Cabe esclarecer que, nas outras duas ocasiões em que o PPCub foi
aprovado no Conplan, o foi com o voto contrário dos representantes de
entidades técnicas, acadêmicas e profissionais, como Instituto dos
Arquitetos do Brasil (IAB), Universidade de Brasília (UnB) e Conselho de
Arquitetura e Urbanismo (CAU), expressando suas críticas em voto
separado nas atas do conselho.
Não obstante, o governador, diante das críticas públicas e em prol da
aprovação do projeto de lei, anunciou em dezembro a retirada de vários
artigos polêmicos. Dentre eles, a alteração de uso no caso da 901 Norte,
a implantação da quadra 500 do Sudoeste, a criação de lotes no Eixo
Monumental Oeste e novo bairro atrás da Rodoferroviária, além da
concessão de áreas destinadas a escolas em superquadras e da
transformação de uso para hotéis na orla do Lago Paranoá.

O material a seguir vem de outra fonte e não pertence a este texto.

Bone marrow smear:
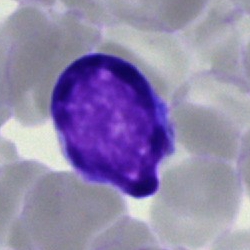 This is a lymphocyte.
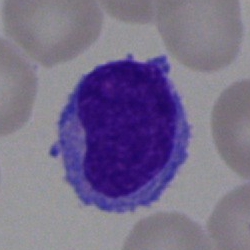

Cell type = typical lymphocyte.
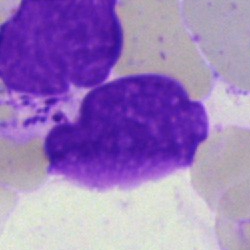 Impression → artefact.
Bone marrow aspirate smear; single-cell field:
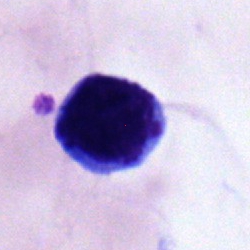
Cell type: lymphocyte.
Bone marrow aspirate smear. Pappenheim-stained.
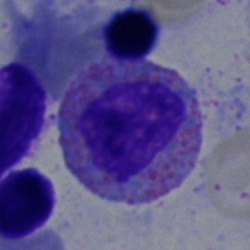
{"cell_type": "eosinophilic granulocyte"}
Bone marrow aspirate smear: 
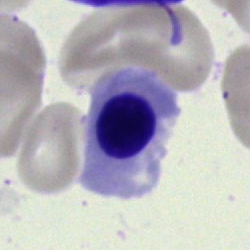 Specimen: bone marrow aspirate smear.
Morphological class: normoblast.
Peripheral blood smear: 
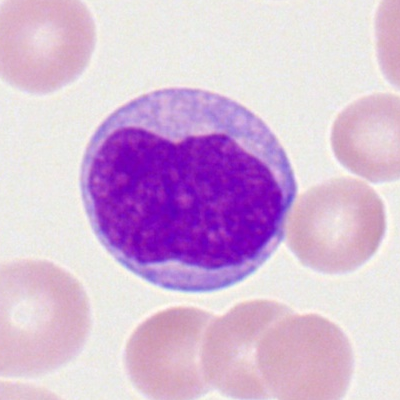
Showing a monocyte.
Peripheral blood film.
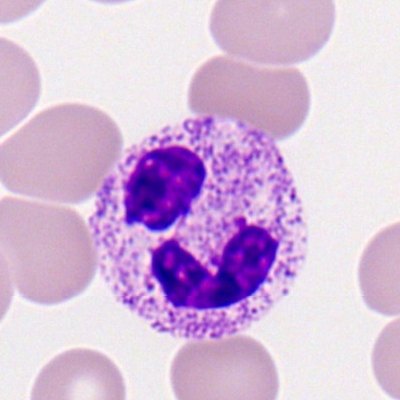 This is a segmented neutrophil.
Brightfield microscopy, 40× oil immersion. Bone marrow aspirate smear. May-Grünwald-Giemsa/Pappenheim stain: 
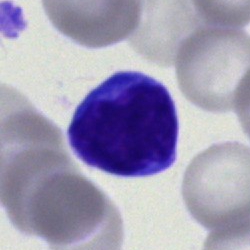
Cell type — blast.
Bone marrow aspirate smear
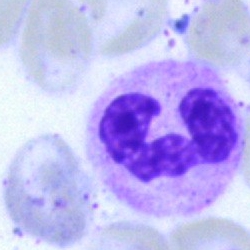 Classification = segmented neutrophil.
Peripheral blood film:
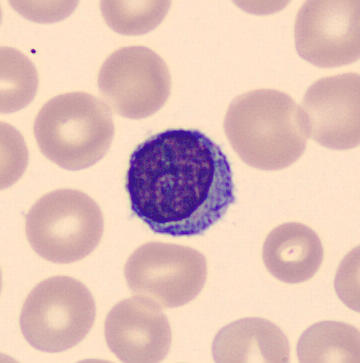

Q: What type of cell is this?
A: This is a typical lymphocyte.
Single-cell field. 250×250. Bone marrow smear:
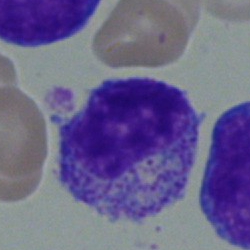
Q: Which cell type is shown here?
A: This is a myelocyte.
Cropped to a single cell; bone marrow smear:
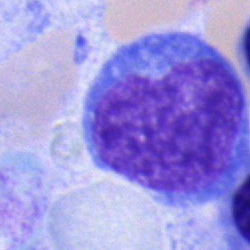
Cell type — blast cell.
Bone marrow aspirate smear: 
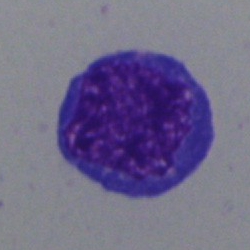
Showing a nucleated red cell.
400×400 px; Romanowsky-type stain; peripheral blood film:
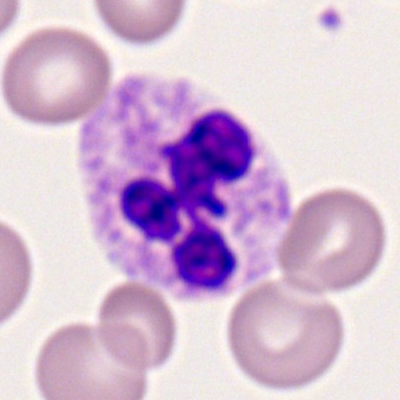 Showing a neutrophil (segmented).
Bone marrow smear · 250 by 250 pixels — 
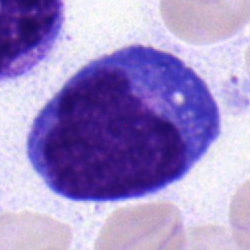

Na Câmara Legislativa do DF (CLDF), no início do ano, foi constituído
grupo de trabalho de revisão técnica do PPCub com o Iphan, o GDF e
assessores legislativos, para o qual foram convidados representantes do
IAB-DF, do Instituto Histórico e Geográfico do Distrito Federal e da
UnB. Ao ser retomado em março, após período suspenso por decisão
judicial quanto à sua composição e representatividade, o Conplan volta
com aprovação do PPCub, sem que aquele grupo concluísse o trabalho. E,
no varejo fragmentário apresentado, as propostas polêmicas são
recolocadas no PPCub junto a outras, como a garagem subterrânea na
Esplanada dos Ministérios.
Enfim, entendemos que esse processo truncado e açodado pode transformar
o PPCub não só em ameaça à preservação, mas em oportunidade perdida
para o planejamento e gestão. Especialmente em vista da necessidade de
construir um instrumento duradouro para a preservação do Conjunto
Urbanístico de Brasília em consonância com uma perspectiva de
planejamento e gestão metropolitana da cidade que integre o PPCub à Lei
de Uso e Ocupação do Solo (Luos), ao Plano Diretor de Ordenamento
Territorial (Pdot) e ao Plano Diretor de Transporte Urbano e Mobilidade
do Distrito Federal e Entorno (PDTU).
Afinal, como reconheceu o próprio criador maravilhado, essa cidade, ao
crescer, foi tomada pelos brasileiros e ganhou vida própria — não é uma
flor de estufa a ser preservada numa redoma de vidro.
BENNY SCHVARSBERG
Arquiteto e urbanista, professor da Faculdade de Arquitetura e Urbanismo da Universidade de Brasília, conselheiro do
Conselho de Planejamento Territorial e Urbano do Distrito Federal (Conplan)
THIAGO DE ANDRADE
Arquiteto e urbanista, presidente do Instituto de Arquitetos do Brasil,
Departamento Distrito Federal, e conselheiro do Conplan.